Problem statement = Beneath this instruction is a listing; print exactly the lines in it starting at the line that contains "Where is the parking" and going through the line that contains "What is the structure outlined in the color orange?".

Data records =
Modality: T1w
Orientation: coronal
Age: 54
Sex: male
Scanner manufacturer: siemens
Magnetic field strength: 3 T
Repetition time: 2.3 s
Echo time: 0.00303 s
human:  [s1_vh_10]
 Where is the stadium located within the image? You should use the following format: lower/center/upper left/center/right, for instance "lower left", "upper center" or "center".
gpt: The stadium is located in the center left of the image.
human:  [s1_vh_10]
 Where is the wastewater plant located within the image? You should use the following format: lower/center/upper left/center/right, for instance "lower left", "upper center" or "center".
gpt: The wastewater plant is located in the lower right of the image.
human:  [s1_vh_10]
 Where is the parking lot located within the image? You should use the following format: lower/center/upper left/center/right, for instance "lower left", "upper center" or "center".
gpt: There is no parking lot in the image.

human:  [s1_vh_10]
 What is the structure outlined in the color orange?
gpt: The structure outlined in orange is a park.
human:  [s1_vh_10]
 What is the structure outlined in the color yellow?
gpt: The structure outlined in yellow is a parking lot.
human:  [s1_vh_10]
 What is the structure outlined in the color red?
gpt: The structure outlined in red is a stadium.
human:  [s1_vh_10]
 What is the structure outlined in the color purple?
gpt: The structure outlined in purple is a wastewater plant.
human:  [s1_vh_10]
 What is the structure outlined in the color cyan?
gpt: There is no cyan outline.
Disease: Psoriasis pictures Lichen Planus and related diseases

...

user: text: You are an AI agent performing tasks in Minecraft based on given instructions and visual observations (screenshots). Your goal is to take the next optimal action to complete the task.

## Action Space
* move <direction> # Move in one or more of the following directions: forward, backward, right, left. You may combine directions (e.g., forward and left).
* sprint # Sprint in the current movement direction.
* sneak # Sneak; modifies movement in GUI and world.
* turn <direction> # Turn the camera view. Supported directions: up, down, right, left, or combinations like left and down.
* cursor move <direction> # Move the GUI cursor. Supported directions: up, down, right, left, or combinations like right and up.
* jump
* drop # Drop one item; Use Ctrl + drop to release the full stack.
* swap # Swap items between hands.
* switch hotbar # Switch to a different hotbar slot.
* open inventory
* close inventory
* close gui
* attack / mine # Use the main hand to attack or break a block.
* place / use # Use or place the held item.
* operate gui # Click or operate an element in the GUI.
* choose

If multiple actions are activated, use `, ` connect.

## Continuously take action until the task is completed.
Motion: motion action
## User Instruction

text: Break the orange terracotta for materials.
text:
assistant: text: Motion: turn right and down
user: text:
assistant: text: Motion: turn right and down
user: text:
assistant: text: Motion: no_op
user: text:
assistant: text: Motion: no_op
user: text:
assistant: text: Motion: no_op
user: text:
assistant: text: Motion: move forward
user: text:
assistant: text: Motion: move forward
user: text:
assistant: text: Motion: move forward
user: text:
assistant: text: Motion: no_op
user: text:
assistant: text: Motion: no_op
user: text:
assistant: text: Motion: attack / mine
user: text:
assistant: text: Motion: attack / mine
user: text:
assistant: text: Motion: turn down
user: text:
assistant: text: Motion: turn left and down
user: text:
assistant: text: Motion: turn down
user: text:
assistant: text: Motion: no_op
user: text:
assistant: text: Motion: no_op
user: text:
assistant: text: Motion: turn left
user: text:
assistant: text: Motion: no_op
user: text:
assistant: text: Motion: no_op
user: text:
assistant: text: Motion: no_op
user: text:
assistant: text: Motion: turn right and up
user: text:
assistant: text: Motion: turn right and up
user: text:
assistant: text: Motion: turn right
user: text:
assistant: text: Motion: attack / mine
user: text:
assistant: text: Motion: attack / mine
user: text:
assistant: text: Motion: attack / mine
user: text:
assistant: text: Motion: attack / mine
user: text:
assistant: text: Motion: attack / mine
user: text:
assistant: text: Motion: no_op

...

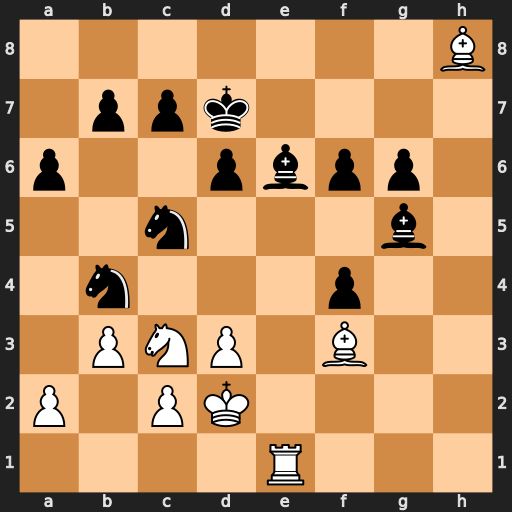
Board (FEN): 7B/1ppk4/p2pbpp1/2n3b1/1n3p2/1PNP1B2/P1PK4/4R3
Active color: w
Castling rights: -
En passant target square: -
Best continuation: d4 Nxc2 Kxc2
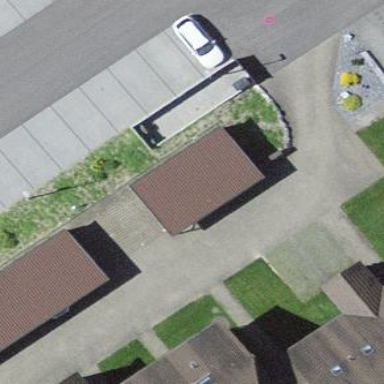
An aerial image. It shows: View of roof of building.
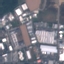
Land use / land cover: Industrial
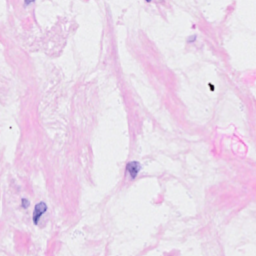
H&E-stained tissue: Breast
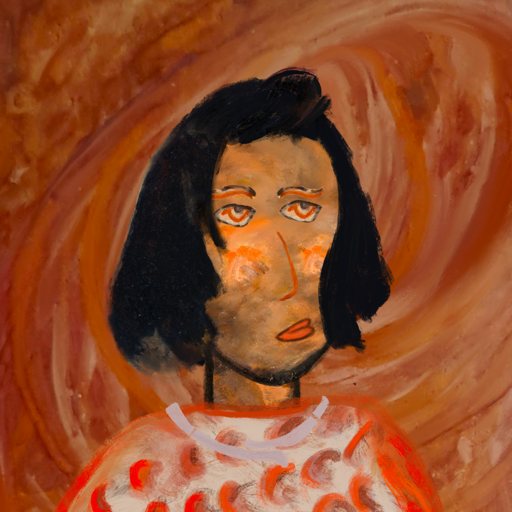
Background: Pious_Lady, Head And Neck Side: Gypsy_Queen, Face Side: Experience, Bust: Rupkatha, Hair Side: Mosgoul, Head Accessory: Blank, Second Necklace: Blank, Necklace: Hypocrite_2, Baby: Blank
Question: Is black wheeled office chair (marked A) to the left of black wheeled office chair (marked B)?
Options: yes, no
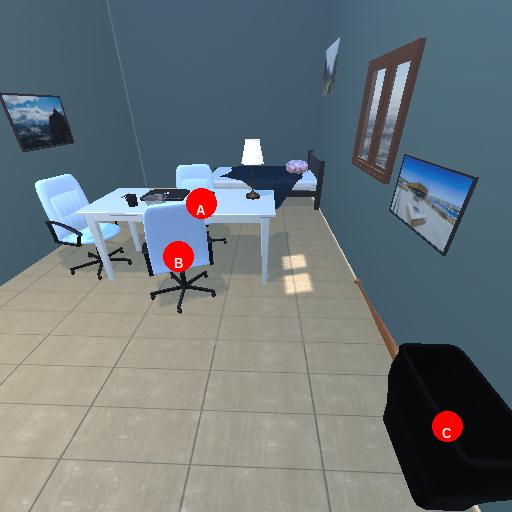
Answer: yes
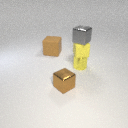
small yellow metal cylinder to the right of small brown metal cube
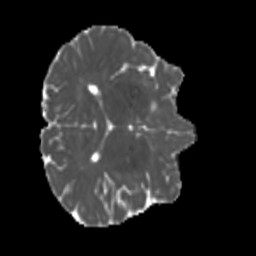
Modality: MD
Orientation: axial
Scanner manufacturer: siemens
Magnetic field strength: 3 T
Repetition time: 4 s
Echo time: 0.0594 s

Solution =
 Where is the parking lot located within the image? You should use the following format: lower/center/upper left/center/right, for instance "lower left", "upper center" or "center".
gpt: There is no parking lot in the image.

human:  [s1_vh_10]
 What is the structure outlined in the color orange?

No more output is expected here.